- _INSTRUCTIONS FOR THE TASK_: From the entries that follow, gather each line holding the word "query".

- _INPUT DATA_:
--*--
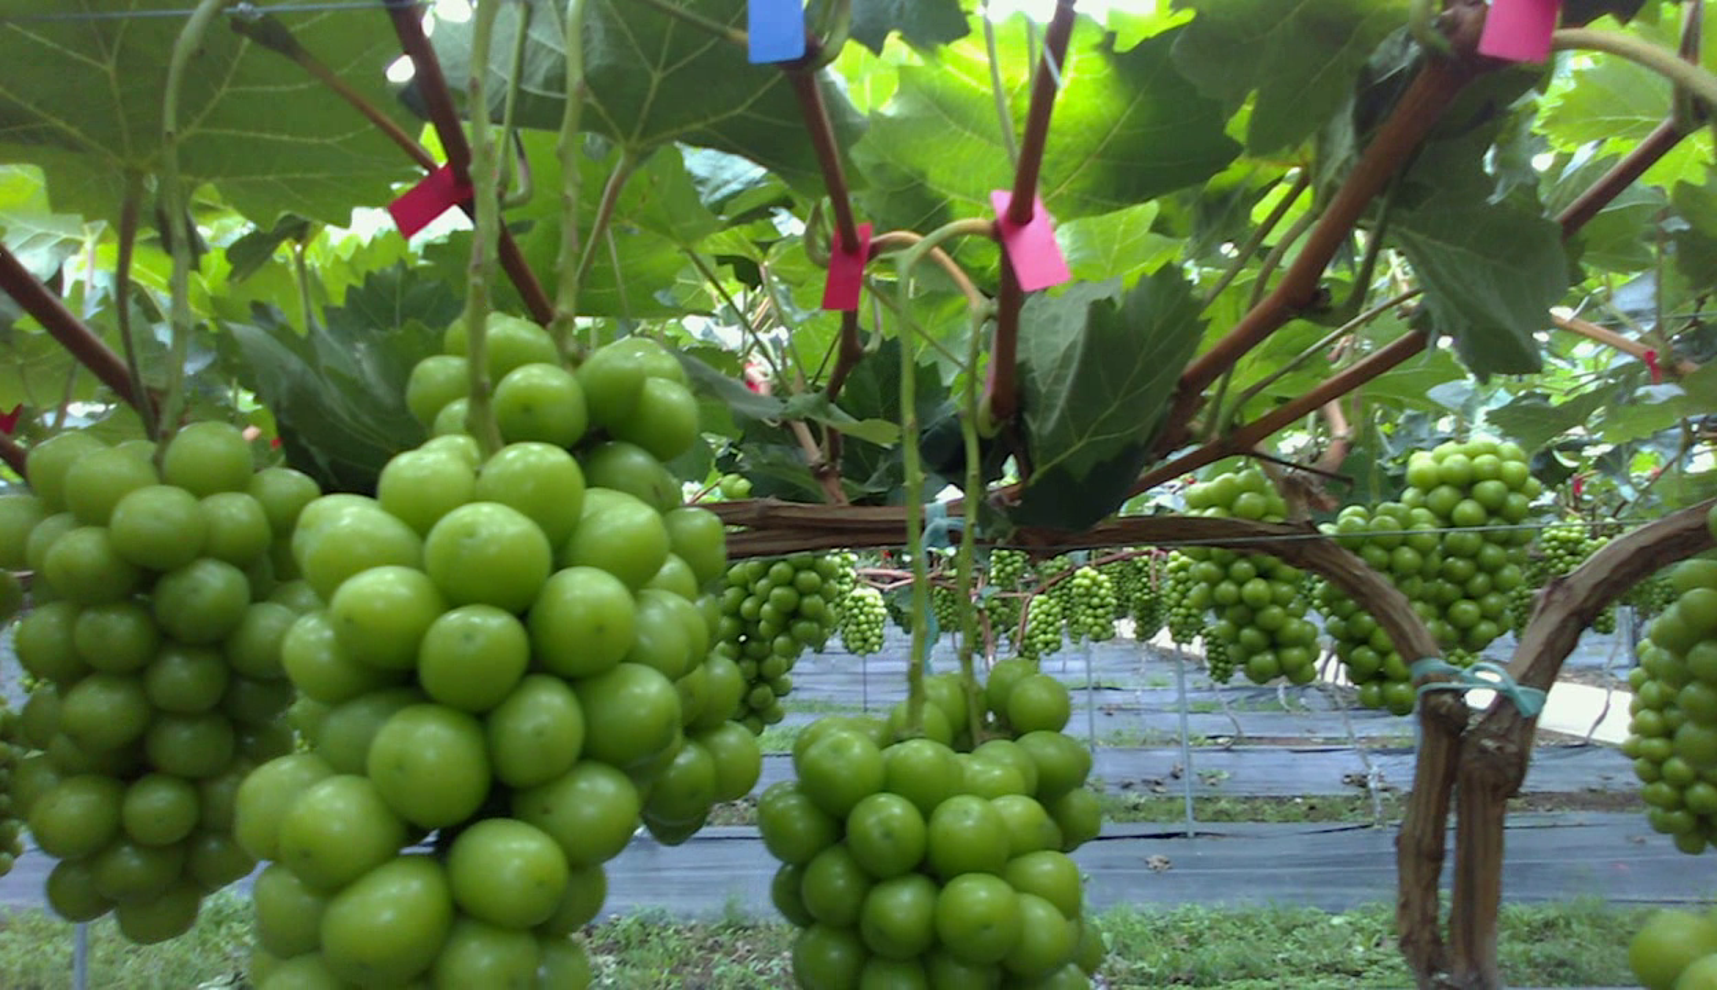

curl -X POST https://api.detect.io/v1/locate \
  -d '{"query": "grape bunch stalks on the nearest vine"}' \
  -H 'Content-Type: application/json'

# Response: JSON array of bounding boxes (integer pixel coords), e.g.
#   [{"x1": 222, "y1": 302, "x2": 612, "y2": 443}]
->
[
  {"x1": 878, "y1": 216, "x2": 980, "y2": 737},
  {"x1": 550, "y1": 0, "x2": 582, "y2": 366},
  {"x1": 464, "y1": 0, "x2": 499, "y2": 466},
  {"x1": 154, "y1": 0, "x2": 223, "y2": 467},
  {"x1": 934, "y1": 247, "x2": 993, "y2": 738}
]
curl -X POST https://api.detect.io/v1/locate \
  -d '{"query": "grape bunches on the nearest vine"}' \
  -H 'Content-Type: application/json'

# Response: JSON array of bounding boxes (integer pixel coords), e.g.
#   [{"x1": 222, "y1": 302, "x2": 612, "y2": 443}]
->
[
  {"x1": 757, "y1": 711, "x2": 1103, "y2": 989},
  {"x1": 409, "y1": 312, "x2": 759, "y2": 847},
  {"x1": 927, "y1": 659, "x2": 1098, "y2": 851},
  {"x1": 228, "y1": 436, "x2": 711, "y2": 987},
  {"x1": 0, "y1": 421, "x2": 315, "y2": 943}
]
--*--
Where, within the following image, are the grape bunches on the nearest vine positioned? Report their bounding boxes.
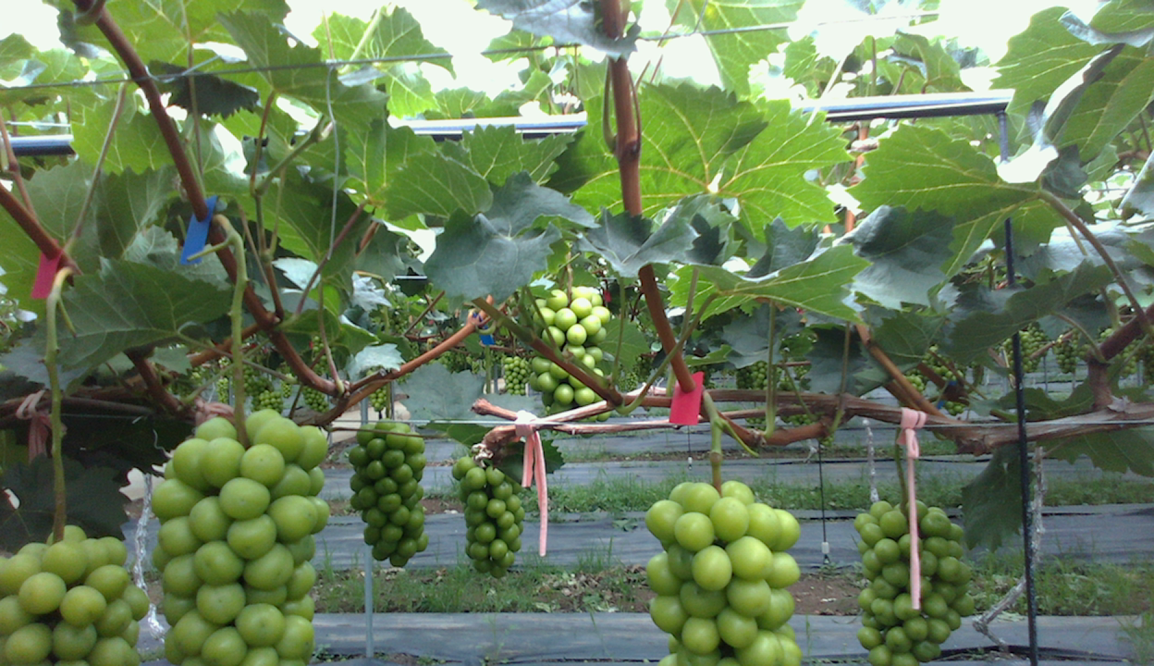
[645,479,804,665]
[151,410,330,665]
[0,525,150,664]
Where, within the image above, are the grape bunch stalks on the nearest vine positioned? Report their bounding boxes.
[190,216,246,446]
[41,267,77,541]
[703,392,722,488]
--*--
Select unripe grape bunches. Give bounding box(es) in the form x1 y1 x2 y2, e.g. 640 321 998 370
--*--
- _WORKED SOLUTION_:
  -d '{"query": "grape bunch stalks on the nearest vine"}' \
  -d '{"query": "grape bunches on the nearest vine"}' \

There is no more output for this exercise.